Она довольно долго изучала его, зная, что ее выражение лица в лучшем случае отстраненное, все еще маскирующее боль, которой она не заслуживала. Он посмотрел на нее.
— Я ведь всего лишь человек, знаете ли. И самец к тому же.
Она позволила себе слабую натянутую улыбку.
— Покажи мне что-нибудь, ради чего стоило бы остаться. Что-нибудь, чего не смог бы сделать для меня Бран.
На его лице появилось выражение облегчения, и это успокоило ее раненые чувства; у нее не было оснований чувствовать себя уязвленной. Он не думал ни о чем таком, что она могла бы оспорить. Это раздражало ее в той же мере, что и его.
— Иди сюда, — она позвала его, чтобы он снова положил голову ей на колени. Он подчинился, но лицо его было мрачным — он обдумывал ее требование.
— Не подслушивать, — предупредил он. — Я хочу удивить вас.
Он думал, закинув руки за голову, ухватившись за край кушетки по другую сторону от коленей Лиссы. Это спровоцировало ее провести ладонью по его груди вниз к плоскому животу. И еще ниже, к джинсам. Джейкоб был самым чувственным мужчиной, какого она встречала, а его несколько вольные ухватки и одежда делали его еще более привлекательным. Она поддалась побуждению, гладя его ладонью, чувствуя, как напрягаются и расслабляются мышцы в ответ на ее касания, когда она прижалась грудью к его плечу, перегнувшись через него. Она провела по его животу согнутыми пальцами, игриво засунув один из них под серебристую застежку штанов, и он поднял глаза.
— Я просто занимаю себя, пока жду, — сообщила она. — И могу обещать, что с Браном я ничего такого никогда не стану делать.
— Мое облегчение по этому поводу безгранично, миледи. Но кстати, вот что Бран для вас не сделает…
— Ой нет, — она покачала головой, продолжая дразнить его одним пальцем, наслаждаясь ощущением его твердого пресса, тем, как сидят на нем джинсы, начинающие ему жать. — Слишком просто.
— Ну тогда ладно. Я придумал, — с сожалением, отчасти вежливым и в целом неподдельным, оставив ее собственное возбуждение закипать, он поднялся с кушетки. Взяв ее руку, он прикоснулся к ней губами, прежде чем пойти к музыкальному центру. Выбрав диск из обширной коллекции, он вставил его в проигрыватель.
Повернувшись и ожидая начала музыки, он принялся щелкать пальцами, как будто задумавшись.
— Вы знаете, что такое мягкая чечетка, миледи?
Это был неожиданный вопрос.
— Нет вроде бы.
— Мягкая чечетка — это такая разновидность степа, — сказал он. — Только его танцуют в туфлях с мягкими подошвами, откуда и название. Или босиком.
Он поглядел на свои ноги с улыбкой.
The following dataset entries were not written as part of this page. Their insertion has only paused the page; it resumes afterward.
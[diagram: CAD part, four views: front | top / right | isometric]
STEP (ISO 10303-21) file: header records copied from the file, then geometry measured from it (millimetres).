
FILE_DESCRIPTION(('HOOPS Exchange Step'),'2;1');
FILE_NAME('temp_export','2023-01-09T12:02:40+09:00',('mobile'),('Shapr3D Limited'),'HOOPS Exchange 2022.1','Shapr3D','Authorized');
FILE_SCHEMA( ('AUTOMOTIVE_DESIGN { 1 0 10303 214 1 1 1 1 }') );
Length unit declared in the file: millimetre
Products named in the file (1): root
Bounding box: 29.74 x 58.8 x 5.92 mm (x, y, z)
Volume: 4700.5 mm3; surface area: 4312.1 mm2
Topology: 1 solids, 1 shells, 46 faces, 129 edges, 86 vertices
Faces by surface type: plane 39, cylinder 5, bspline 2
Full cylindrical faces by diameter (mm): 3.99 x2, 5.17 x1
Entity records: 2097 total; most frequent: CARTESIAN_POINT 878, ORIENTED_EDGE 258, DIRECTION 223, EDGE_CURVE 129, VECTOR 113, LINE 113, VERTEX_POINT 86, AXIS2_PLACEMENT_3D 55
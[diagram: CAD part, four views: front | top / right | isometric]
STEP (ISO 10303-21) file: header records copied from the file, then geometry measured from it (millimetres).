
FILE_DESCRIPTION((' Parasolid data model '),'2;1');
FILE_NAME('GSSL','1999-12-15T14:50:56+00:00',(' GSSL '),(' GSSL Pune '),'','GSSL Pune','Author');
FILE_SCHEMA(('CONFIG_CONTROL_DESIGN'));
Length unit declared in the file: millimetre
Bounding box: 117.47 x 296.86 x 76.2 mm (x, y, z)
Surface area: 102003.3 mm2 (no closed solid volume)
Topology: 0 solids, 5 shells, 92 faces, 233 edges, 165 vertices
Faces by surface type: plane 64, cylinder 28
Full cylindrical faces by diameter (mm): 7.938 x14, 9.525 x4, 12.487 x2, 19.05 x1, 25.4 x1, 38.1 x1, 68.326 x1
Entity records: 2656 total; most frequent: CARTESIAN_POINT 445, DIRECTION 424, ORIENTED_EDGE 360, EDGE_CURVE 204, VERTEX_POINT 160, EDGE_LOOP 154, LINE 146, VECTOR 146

Лисса с интересом смотрела, как он с хрустом размял суставы на руках, как с наслаждением потянулся.
— Впервые этот танец был показан Джорджем Примроузом в шоу менестрелей в самом начале двенадцатого века. Ключевой момент — легкость дроби, исполняемой в ровном и свободном ритме. Его также называли песочным танцем. Я не помню, почему, хотя иногда думаю, что это оттого, что в нем есть что-то успокаивающее.
Он переставил торшер, повернув его так, чтобы он светил ему в спину. Взяв бейсболку, которую явно надевал раньше и потом небрежно бросил на кофейный столик, он повертел ее на двух пальцах правой руки.
— Без больших пальцев, — указал он.
— Точно подмечено, — кивнула она.
Фортепьянная мелодия была грустной пьесой из 1920-х годов и напоминала затухающие звуки карнавала. Он начал свободные плавные движения, с наклонами и поворотами из представлений той эпохи. Лампа отбрасывала его тень на стену. Лисса смотрела на этот образ, он мог быть любым из тех давних людей, которые очаровывали детей и заставляли мужчин и женщин тосковать по пережитому, которое вовсе не было так хорошо, как им казалось в воспоминаниях. Настоящее определение ностальгии.